A vector of [ (2P-1) Q +1 ]. times.1 dimension is constructed, wherein P, Q represents two relatively prime numbers, and the value range is Q & gtP & gt2.

And sequentially putting the position information corresponding to the array elements of the relatively prime array into [ (2P-1) Q +1] × 1-dimensional vectors according to the sequence from the first array element to the last array element, wherein P, Q respectively represents two relatively prime numbers, and the value range is Q & gtP & gtmore than or equal to 2, so as to obtain the array position vector.

The array element position vector is calculated according to the following formula:

ω(n)＝(ν*v^-)(n)

where ω (n) represents an array element position vector, n represents the sequence number of an element in the array element position vector ω (n), v represents an array position vector, a represents a convolution operation, v represents a convolution operation^-The method comprises the following steps of representing an inverted sequence array position vector obtained after the inverted sequence arrangement operation is carried out on the array position vector v, wherein all possible values of an element serial number n in the array element position vector are as follows:

-(2P-1)Q,-(2P-1)Q+1,...,(2P-1)Q-1,(2P-1)Q

wherein P, Q represents two relatively prime numbers, and the value range is Q > P ≧ 2.

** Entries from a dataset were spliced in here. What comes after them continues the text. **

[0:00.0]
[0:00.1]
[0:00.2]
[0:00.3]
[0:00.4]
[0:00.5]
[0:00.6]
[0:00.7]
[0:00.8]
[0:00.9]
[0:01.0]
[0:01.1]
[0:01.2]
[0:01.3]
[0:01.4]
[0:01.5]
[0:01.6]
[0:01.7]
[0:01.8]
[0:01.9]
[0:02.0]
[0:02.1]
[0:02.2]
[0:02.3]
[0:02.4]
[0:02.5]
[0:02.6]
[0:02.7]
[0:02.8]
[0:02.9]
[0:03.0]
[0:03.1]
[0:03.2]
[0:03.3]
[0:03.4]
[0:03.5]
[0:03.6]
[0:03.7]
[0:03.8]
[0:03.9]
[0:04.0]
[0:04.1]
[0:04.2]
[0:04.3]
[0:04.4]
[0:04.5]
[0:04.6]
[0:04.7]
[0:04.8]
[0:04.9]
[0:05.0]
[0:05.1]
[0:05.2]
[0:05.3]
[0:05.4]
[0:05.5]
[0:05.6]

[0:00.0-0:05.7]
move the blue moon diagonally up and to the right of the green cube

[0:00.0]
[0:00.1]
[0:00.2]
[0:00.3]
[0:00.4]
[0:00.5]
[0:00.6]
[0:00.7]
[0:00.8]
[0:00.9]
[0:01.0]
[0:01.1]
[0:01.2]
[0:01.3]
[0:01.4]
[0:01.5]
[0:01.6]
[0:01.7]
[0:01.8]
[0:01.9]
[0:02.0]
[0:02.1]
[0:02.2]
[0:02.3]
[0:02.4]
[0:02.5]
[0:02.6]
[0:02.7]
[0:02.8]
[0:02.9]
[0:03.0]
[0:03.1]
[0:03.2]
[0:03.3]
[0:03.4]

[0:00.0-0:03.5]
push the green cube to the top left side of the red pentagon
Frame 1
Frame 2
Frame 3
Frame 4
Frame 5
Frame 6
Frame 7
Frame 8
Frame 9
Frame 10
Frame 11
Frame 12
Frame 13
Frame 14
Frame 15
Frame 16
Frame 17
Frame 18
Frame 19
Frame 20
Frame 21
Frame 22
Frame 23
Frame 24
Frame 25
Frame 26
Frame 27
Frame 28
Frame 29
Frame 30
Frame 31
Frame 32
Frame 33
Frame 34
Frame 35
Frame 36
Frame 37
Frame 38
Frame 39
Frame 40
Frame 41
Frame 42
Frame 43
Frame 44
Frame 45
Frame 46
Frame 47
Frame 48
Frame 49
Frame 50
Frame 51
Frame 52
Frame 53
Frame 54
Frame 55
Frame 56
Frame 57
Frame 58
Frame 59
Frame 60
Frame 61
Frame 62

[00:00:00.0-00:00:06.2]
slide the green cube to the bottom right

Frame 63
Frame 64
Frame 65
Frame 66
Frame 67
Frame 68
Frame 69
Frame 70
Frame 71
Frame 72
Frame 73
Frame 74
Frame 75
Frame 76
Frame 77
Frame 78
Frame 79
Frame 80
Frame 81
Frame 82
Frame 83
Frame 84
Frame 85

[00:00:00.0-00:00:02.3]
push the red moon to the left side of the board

The value of the array element position vector ω (n) in the embodiment of the present invention is as shown in fig. 3, where fig. 3 shows the array element position vector ω (n) obtained when the co-prime array P is 2 and Q is 3, the abscissa of fig. 3 shows the array element position vector ω (n), and the ordinate shows the number of times of repetition of the array element position.

Selecting an element with the element serial number of zeta and the value of nonzero from the array element position vector omega (n) to form a redundancy-free array element position vectorZeta has a value range of-1, -2., - (2P-1) Q, P, Q, wherein the value range of Zeta is Q & gtP & gtmore than or equal to 2, and r represents a position vector of a non-redundant array elementThe serial number of the middle element, r, is 1,2The reason why no other element is selected in the array element position vector ω (n) is that the received signal when ζ is 0 contains noise information, the received signal when ζ is in a range of 1, 2., (2P-1) Q and the received signal when ζ is in a range of-1, -2., (2P-1) Q are conjugate to each other, and the estimation accuracy of the angle cannot be increased, and if the array element received vector ω (n) is as shown in fig. 3, when the cross-prime array P is 2 and Q is 3, the redundant array element position vector is not selected

Calculating the data received by each array element in the redundancy-free array element position vector according to the following formula:

y_r＝Y_i(l)×Y_j ^H(l)/L

wherein, y_rRepresenting a redundancy-free array element position vectorThe received data of the r-th array element, r represents the position vector of the non-redundant array elementThe serial number of the middle element, r, is 1,2Length of (2), Y_i(l) I-th row, Y, representing a co-prime matrix_j(l) J-th row of the co-prime matrix (·)^HDenotes a conjugate transpose operation, i, j denotes thatConditionI is more than or equal to 0 and less than or equal to 2P-1, j is more than or equal to 0 and less than or equal to Q-1, P, Q represents two coprime numbers, the value range of Q is more than or equal to P and more than or equal to 2, and L represents the fast beat number.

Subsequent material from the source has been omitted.